__Data listing__
****
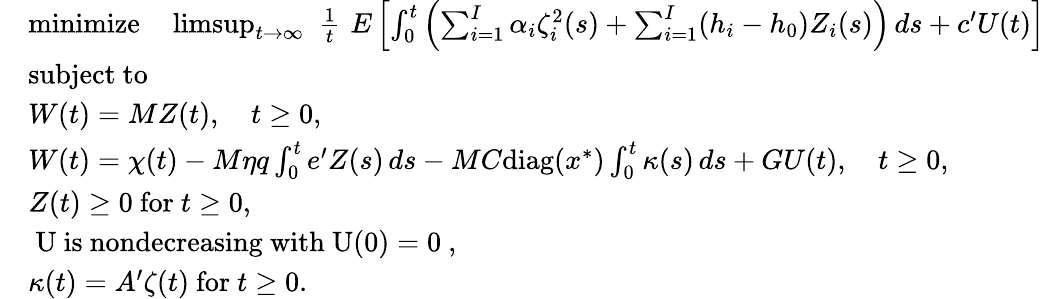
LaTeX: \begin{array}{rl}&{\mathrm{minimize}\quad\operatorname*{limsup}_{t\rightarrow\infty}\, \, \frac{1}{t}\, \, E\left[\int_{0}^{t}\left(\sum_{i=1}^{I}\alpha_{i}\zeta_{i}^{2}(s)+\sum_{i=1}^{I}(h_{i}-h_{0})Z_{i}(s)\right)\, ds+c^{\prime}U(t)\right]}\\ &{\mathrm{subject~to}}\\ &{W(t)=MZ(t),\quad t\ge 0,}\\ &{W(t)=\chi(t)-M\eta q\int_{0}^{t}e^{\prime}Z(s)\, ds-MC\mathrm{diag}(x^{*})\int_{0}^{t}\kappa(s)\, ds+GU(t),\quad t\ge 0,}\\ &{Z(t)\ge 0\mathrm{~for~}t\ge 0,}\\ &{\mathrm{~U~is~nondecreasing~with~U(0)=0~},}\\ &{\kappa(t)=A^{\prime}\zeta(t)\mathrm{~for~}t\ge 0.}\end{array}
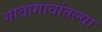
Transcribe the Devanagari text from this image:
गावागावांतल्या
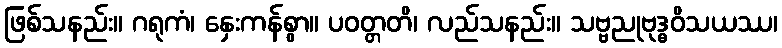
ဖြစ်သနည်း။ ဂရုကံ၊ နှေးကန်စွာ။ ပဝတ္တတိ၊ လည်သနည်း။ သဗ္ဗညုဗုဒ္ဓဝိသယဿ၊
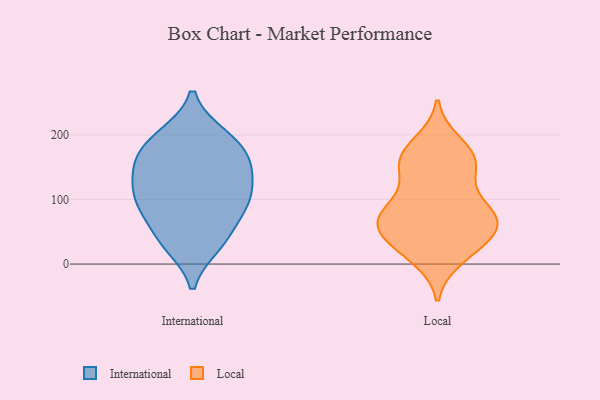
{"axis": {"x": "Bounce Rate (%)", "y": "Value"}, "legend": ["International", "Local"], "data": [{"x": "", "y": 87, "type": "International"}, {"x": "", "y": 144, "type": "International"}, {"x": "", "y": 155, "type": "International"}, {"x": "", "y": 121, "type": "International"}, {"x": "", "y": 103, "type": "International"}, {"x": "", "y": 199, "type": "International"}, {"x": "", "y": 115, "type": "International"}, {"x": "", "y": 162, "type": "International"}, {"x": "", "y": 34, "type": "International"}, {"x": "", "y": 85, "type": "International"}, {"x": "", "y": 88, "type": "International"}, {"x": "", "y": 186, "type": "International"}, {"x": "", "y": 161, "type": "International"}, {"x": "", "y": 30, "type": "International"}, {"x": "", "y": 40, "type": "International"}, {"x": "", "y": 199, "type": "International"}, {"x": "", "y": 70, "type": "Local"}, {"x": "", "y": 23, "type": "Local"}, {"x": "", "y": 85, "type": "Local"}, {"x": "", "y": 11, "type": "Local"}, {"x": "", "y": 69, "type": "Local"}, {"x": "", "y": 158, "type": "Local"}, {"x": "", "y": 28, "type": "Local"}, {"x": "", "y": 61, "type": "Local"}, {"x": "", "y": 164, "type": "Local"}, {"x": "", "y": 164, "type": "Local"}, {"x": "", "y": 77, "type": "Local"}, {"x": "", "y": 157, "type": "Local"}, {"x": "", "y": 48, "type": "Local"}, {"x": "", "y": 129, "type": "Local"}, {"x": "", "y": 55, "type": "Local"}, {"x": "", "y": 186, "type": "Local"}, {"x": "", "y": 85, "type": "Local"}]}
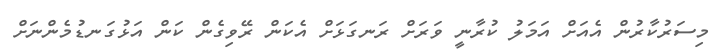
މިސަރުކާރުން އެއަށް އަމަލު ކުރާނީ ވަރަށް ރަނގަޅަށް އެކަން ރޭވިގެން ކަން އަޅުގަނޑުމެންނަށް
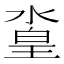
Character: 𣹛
****
__Task statement__
Please transcribe each entry exactly, but skip any picture it holds.

__Solution for this exercise__
LaTeX: \begin{array}{rl}&{\mathrm{minimize}\quad\operatorname*{limsup}_{t\rightarrow\infty}\, \, \frac{1}{t}\, \, E\left[\int_{0}^{t}\left(\sum_{i=1}^{I}\alpha_{i}\zeta_{i}^{2}(s)+\sum_{i=1}^{I}(h_{i}-h_{0})Z_{i}(s)\right)\, ds+c^{\prime}U(t)\right]}\\ &{\mathrm{subject~to}}\\ &{W(t)=MZ(t),\quad t\ge 0,}\\ &{W(t)=\chi(t)-M\eta q\int_{0}^{t}e^{\prime}Z(s)\, ds-MC\mathrm{diag}(x^{*})\int_{0}^{t}\kappa(s)\, ds+GU(t),\quad t\ge 0,}\\ &{Z(t)\ge 0\mathrm{~for~}t\ge 0,}\\ &{\mathrm{~U~is~nondecreasing~with~U(0)=0~},}\\ &{\kappa(t)=A^{\prime}\zeta(t)\mathrm{~for~}t\ge 0.}\end{array}
Transcribe the Devanagari text from this image:
गावागावांतल्या
ဖြစ်သနည်း။ ဂရုကံ၊ နှေးကန်စွာ။ ပဝတ္တတိ၊ လည်သနည်း။ သဗ္ဗညုဗုဒ္ဓဝိသယဿ၊
{"axis": {"x": "Bounce Rate (%)", "y": "Value"}, "legend": ["International", "Local"], "data": [{"x": "", "y": 87, "type": "International"}, {"x": "", "y": 144, "type": "International"}, {"x": "", "y": 155, "type": "International"}, {"x": "", "y": 121, "type": "International"}, {"x": "", "y": 103, "type": "International"}, {"x": "", "y": 199, "type": "International"}, {"x": "", "y": 115, "type": "International"}, {"x": "", "y": 162, "type": "International"}, {"x": "", "y": 34, "type": "International"}, {"x": "", "y": 85, "type": "International"}, {"x": "", "y": 88, "type": "International"}, {"x": "", "y": 186, "type": "International"}, {"x": "", "y": 161, "type": "International"}, {"x": "", "y": 30, "type": "International"}, {"x": "", "y": 40, "type": "International"}, {"x": "", "y": 199, "type": "International"}, {"x": "", "y": 70, "type": "Local"}, {"x": "", "y": 23, "type": "Local"}, {"x": "", "y": 85, "type": "Local"}, {"x": "", "y": 11, "type": "Local"}, {"x": "", "y": 69, "type": "Local"}, {"x": "", "y": 158, "type": "Local"}, {"x": "", "y": 28, "type": "Local"}, {"x": "", "y": 61, "type": "Local"}, {"x": "", "y": 164, "type": "Local"}, {"x": "", "y": 164, "type": "Local"}, {"x": "", "y": 77, "type": "Local"}, {"x": "", "y": 157, "type": "Local"}, {"x": "", "y": 48, "type": "Local"}, {"x": "", "y": 129, "type": "Local"}, {"x": "", "y": 55, "type": "Local"}, {"x": "", "y": 186, "type": "Local"}, {"x": "", "y": 85, "type": "Local"}]}
މިސަރުކާރުން އެއަށް އަމަލު ކުރާނީ ވަރަށް ރަނގަޅަށް އެކަން ރޭވިގެން ކަން އަޅުގަނޑުމެންނަށް
Character: 𣹛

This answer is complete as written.